_Exercise objective_: Would you print the lines below exactly, beginning at the line that has "gpt: pastures, land" and stopping after the line that has "Scanner manufacturer: siemens"? Only those lines, and no pictures.

[The data]

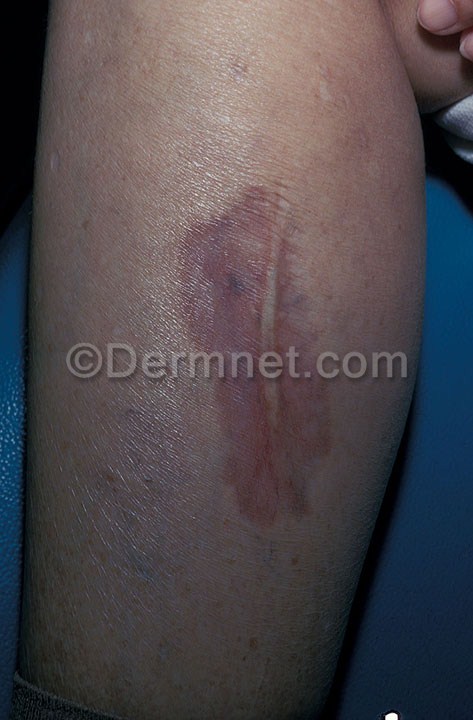
Disease: Systemic Disease
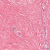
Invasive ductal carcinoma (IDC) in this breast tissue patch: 0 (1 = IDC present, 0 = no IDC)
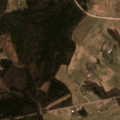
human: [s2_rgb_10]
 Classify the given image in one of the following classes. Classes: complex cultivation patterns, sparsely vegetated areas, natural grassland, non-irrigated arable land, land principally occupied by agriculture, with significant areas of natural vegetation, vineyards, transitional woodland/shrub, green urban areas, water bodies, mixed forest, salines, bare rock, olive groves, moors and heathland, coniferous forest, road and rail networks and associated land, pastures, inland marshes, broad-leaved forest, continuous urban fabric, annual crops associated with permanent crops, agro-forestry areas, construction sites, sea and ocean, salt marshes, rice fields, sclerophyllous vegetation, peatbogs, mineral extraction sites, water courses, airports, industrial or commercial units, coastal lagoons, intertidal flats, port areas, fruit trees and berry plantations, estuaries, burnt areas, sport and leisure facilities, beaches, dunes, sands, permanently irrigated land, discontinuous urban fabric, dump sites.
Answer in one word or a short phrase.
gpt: pastures, land principally occupied by agriculture, with significant areas of natural vegetation, coniferous forest, mixed forest
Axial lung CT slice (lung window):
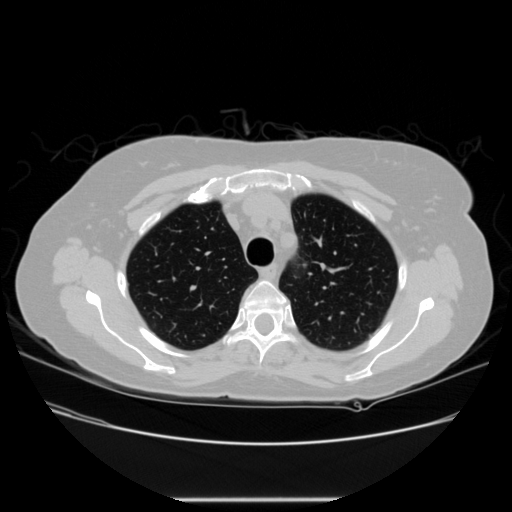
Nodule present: no
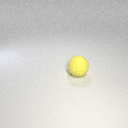
large yellow rubber sphere
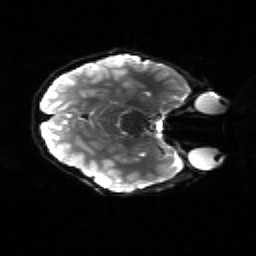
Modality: sbref
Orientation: axial
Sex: female
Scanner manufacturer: siemens
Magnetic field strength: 3 T
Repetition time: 5 s
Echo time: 0.071 s
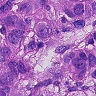
Metastatic tissue present: yes
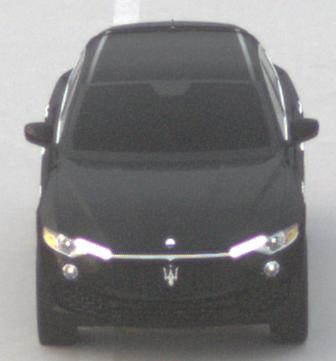
Make: Maserati
Model: Levante GT Hybrid
Detailed model: Levante
Model produced from: 2021/07
Model produced until: 2022/10
Doors: 4
Color: black
Road condition: dry road
Daytime: sunrise or sunset
Contrast: low contrast
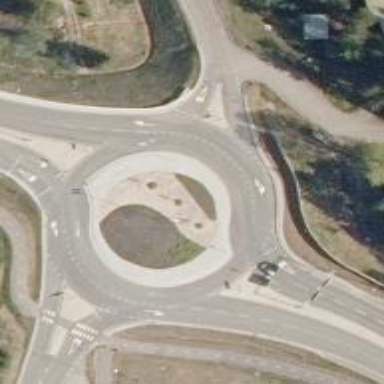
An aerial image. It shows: Secondary road made of asphalt leading to roundabout.

[/The data]

_Exercise result_:
gpt: pastures, land principally occupied by agriculture, with significant areas of natural vegetation, coniferous forest, mixed forest
Axial lung CT slice (lung window):
Nodule present: no
large yellow rubber sphere
Modality: sbref
Orientation: axial
Sex: female
Scanner manufacturer: siemens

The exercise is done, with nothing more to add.